Three studies have compared transcranial magnetic stimulation (TMS) to electroconvulsive therapy (ECT), a procedure in which electricity is applied directly to the entire brain. ECT is effective against depression, although it often causes short-term memory loss and other temporary cognitive problems. It gained notoriety after it was featured in the film based on Ken Kesey's "One Flew Over the Cuckoo's Nest."

In the three studies comparing the two procedures, TMS has been as effective as ECT in treating severe depression among people who are not troubled by hallucinations or delusions, according to David Avery, a professor of psychiatry and behavioral sciences at the University of Washington Medical School in Seattle. And ECT, he said, is more effective than anti-depressant drugs.
The studies so far have involved only a couple of dozen subjects. Avery soon will begin a study with about 85 subjects.
Researchers theorize that the magnetic therapy may work by activating sluggish nerve cells in the left prefrontal cortex.

Four years ago, researchers at Baylor University in Houston used magnets to treat muscular or arthritic-type pain in post-polio patients. They laid magnets on the painful areas for 45 minutes. Seventy-six percent of people treated with real magnets reported feeling significantly better. Nineteen percent of those given sham magnets reported significant pain relief.

A team at the University of Virginia gave magnetic sleeping pads a couple of years ago to a group of people with fibromyalgia, a baffling complaint characterized by chronic and pervasive muscle pain. Compared to a control group that slept on nonmagnetized pads, those with the magnetic pads reported significantly reduced pain after sleeping on the pads for six months. Other outcomes did not differ significantly between the groups.

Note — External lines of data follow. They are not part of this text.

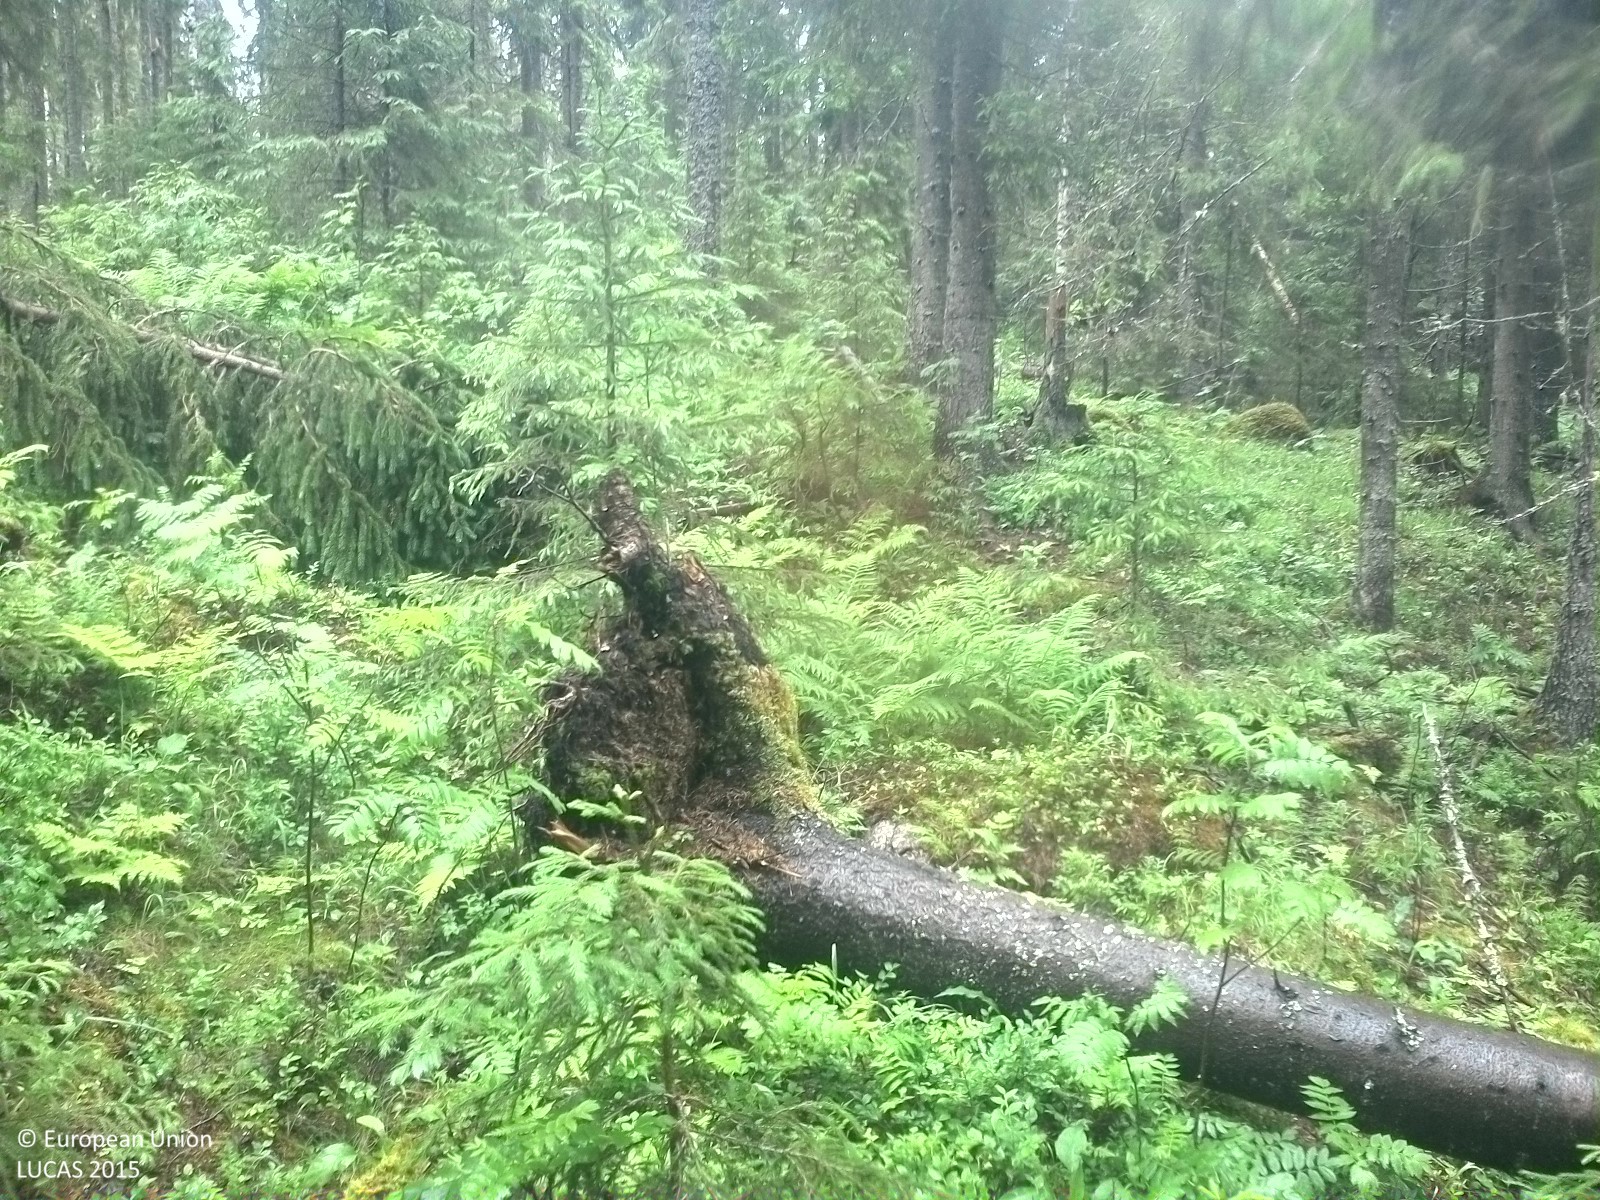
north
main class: Woodland
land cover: Spruce dominated mixed woodland
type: boreal forest
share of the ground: 50 - 75 %
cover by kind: coniferous forest trees 40 %, herbaceous plants 30 %, broadleaved forest trees 20 %, lichens and mosses 10 %
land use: Forestry
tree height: > 5 m
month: July
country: SE
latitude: 62.4756
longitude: 16.8265

In another study, a large group of people with intense nerve pain in their feet -- a condition known as peripheral neuropathy and common among diabetics -- were given magnetic insoles to wear. A substantial number reported less tingling and burning and numbness in their feet. Michael Weintraub, the neurologist who orchestrated the controlled study that was conducted at 48 sites last year, said it "clearly shows that magnets work. It's a real response." He expects the study to be published in a major medical journal, and he hopes to pursue further research.

Blechman stressed that the magnets that are sold widely for medical purposes not only vary in strength and design, but may not deliver as promised. He tested some and found that they were not as powerful as advertised.

Nancy Russell, a Kansas City area internist, has used magnets on occasion for years, mostly to control pain. "If somebody has an injury, like to a joint, (there are) wraps. I've used those myself, like with tendonitis, and it seems that it shortens recovery time."